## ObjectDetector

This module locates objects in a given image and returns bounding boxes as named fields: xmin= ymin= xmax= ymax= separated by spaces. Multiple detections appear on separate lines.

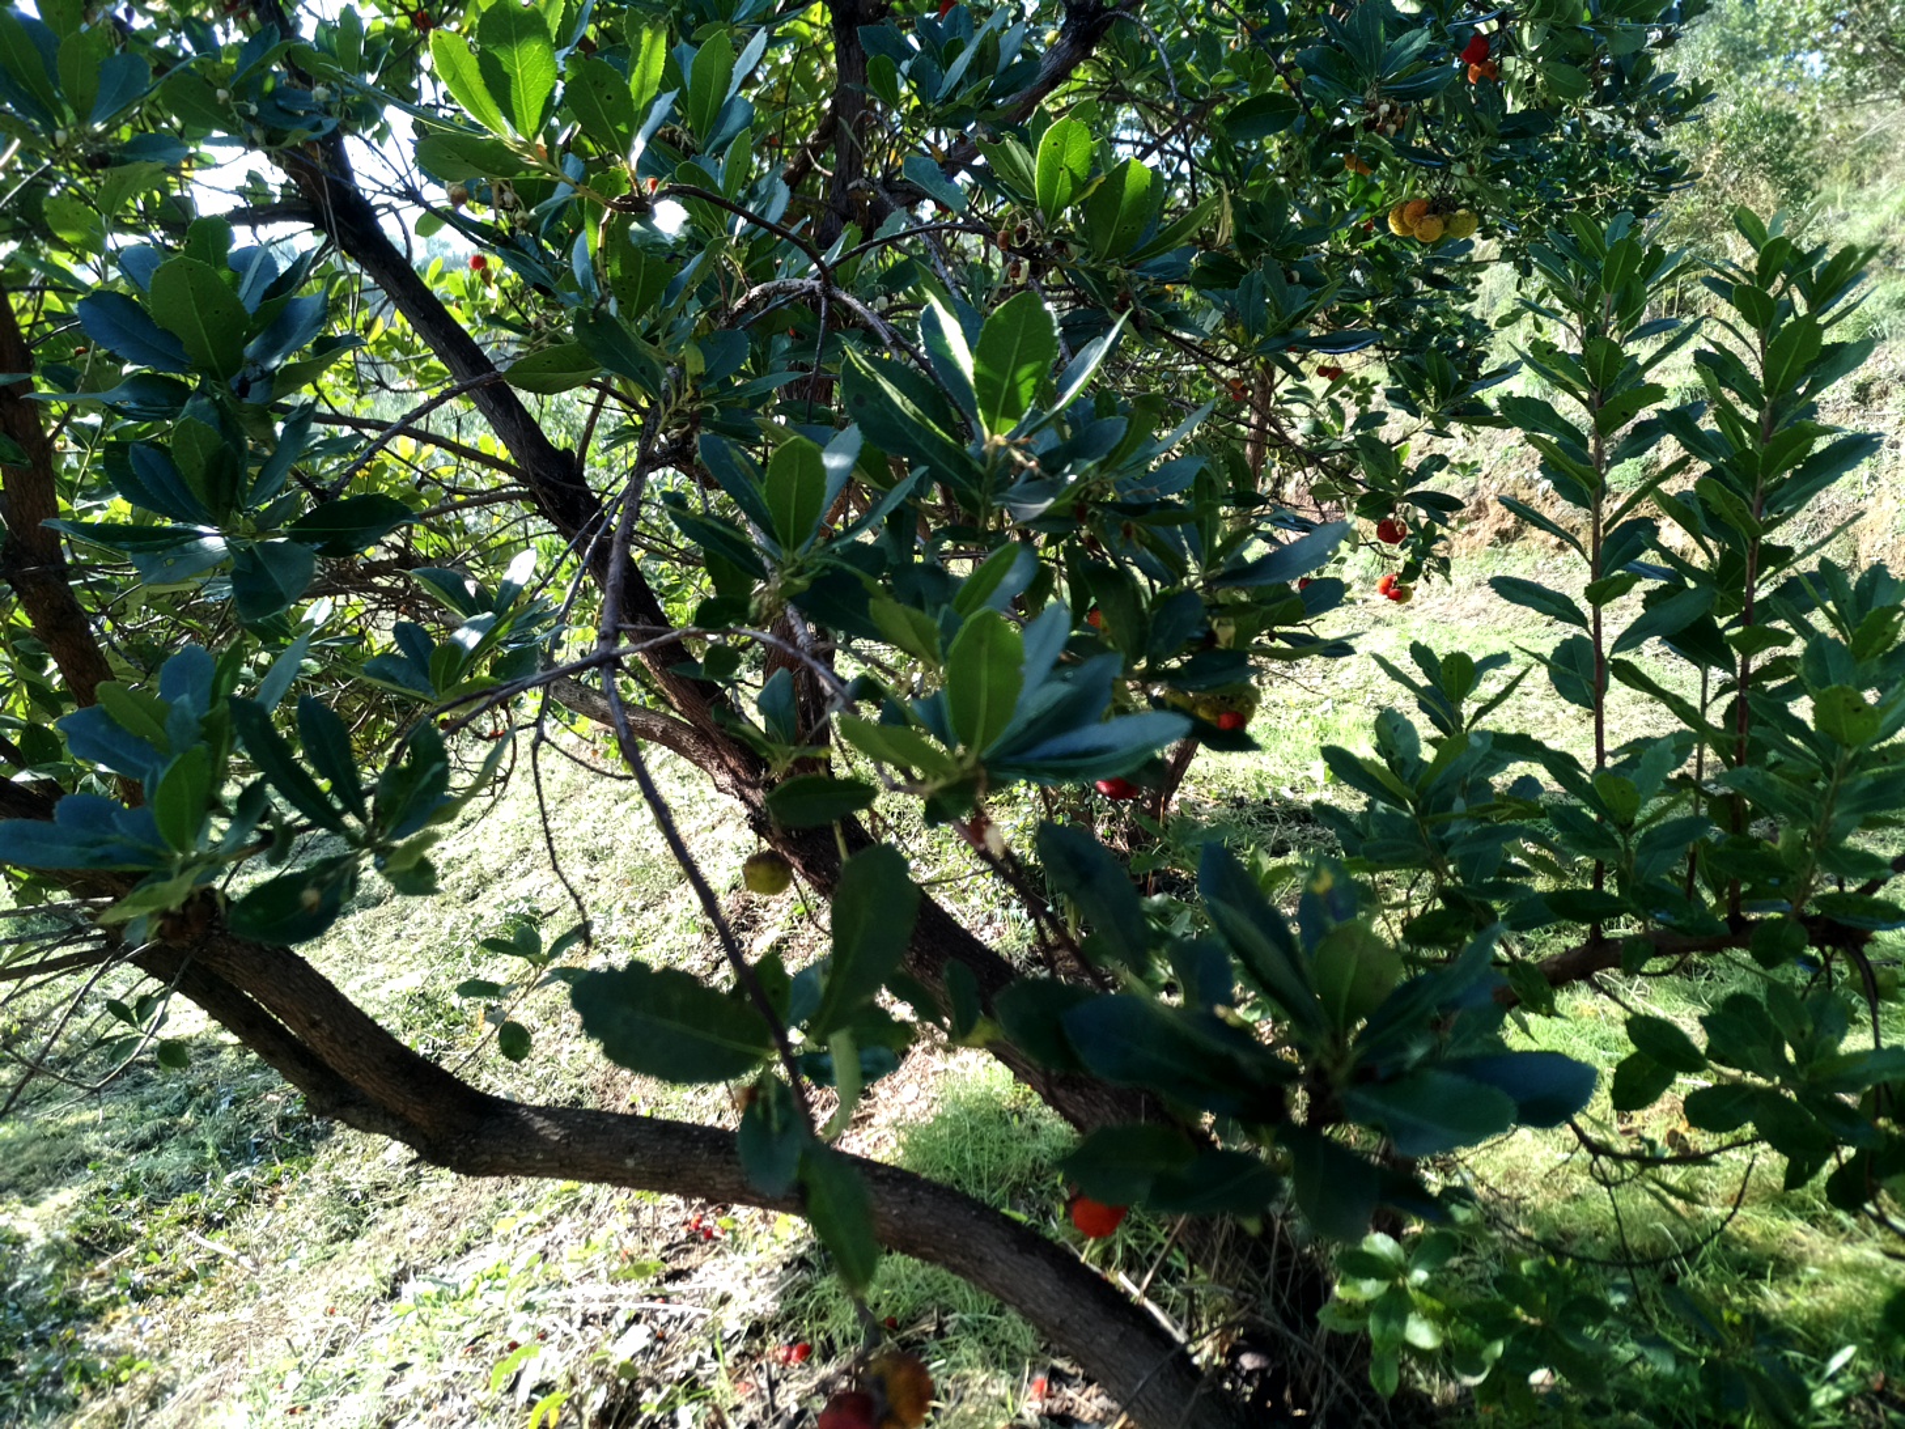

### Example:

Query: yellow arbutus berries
xmin=1414 ymin=214 xmax=1445 ymax=245
xmin=1344 ymin=152 xmax=1358 ymax=169
xmin=1404 ymin=197 xmax=1427 ymax=228
xmin=1228 ymin=377 xmax=1243 ymax=390
xmin=1388 ymin=206 xmax=1415 ymax=237
xmin=1356 ymin=158 xmax=1371 ymax=175
xmin=861 ymin=1350 xmax=939 ymax=1427
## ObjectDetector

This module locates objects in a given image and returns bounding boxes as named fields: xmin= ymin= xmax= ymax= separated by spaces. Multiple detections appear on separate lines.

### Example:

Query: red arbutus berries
xmin=1468 ymin=59 xmax=1498 ymax=85
xmin=1233 ymin=386 xmax=1248 ymax=401
xmin=470 ymin=255 xmax=488 ymax=270
xmin=1072 ymin=1192 xmax=1129 ymax=1239
xmin=1216 ymin=710 xmax=1247 ymax=735
xmin=415 ymin=11 xmax=436 ymax=30
xmin=815 ymin=1389 xmax=878 ymax=1429
xmin=1377 ymin=517 xmax=1407 ymax=545
xmin=1377 ymin=575 xmax=1397 ymax=594
xmin=1095 ymin=771 xmax=1140 ymax=801
xmin=1388 ymin=587 xmax=1401 ymax=600
xmin=1329 ymin=366 xmax=1342 ymax=380
xmin=1461 ymin=35 xmax=1488 ymax=64
xmin=1317 ymin=364 xmax=1329 ymax=377
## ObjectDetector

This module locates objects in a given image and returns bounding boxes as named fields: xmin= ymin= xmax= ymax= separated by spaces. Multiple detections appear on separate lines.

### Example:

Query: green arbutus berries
xmin=1450 ymin=208 xmax=1481 ymax=238
xmin=742 ymin=849 xmax=794 ymax=896
xmin=447 ymin=183 xmax=468 ymax=205
xmin=1393 ymin=585 xmax=1413 ymax=604

+ + + +

Task instructions:
The records above must be printed exactly, but the pictures they hold should be omitted.

Task output:
## ObjectDetector

This module locates objects in a given image and returns bounding boxes as named fields: xmin= ymin= xmax= ymax= separated by spaces. Multiple detections appear on separate lines.


### Example:

Query: yellow arbutus berries
xmin=1414 ymin=214 xmax=1445 ymax=245
xmin=1344 ymin=152 xmax=1358 ymax=169
xmin=1404 ymin=197 xmax=1427 ymax=228
xmin=1228 ymin=377 xmax=1243 ymax=390
xmin=1388 ymin=206 xmax=1415 ymax=237
xmin=1356 ymin=158 xmax=1371 ymax=175
xmin=861 ymin=1350 xmax=939 ymax=1427
## ObjectDetector

This module locates objects in a given image and returns bounding boxes as named fields: xmin= ymin= xmax= ymax= separated by spaces. Multiple detections appear on separate lines.

### Example:

Query: red arbutus berries
xmin=1468 ymin=59 xmax=1498 ymax=85
xmin=1233 ymin=386 xmax=1248 ymax=401
xmin=470 ymin=255 xmax=488 ymax=270
xmin=1072 ymin=1192 xmax=1129 ymax=1239
xmin=1216 ymin=710 xmax=1247 ymax=735
xmin=415 ymin=11 xmax=436 ymax=30
xmin=815 ymin=1389 xmax=878 ymax=1429
xmin=1377 ymin=517 xmax=1407 ymax=545
xmin=1377 ymin=575 xmax=1397 ymax=594
xmin=1095 ymin=771 xmax=1140 ymax=801
xmin=1388 ymin=587 xmax=1401 ymax=600
xmin=1329 ymin=366 xmax=1342 ymax=380
xmin=1461 ymin=35 xmax=1488 ymax=64
xmin=1317 ymin=364 xmax=1329 ymax=377
## ObjectDetector

This module locates objects in a given image and returns bounding boxes as named fields: xmin= ymin= xmax= ymax= separated by spaces. Multiple detections appear on separate lines.

### Example:

Query: green arbutus berries
xmin=1450 ymin=208 xmax=1481 ymax=238
xmin=742 ymin=849 xmax=794 ymax=896
xmin=447 ymin=183 xmax=468 ymax=205
xmin=1393 ymin=585 xmax=1413 ymax=604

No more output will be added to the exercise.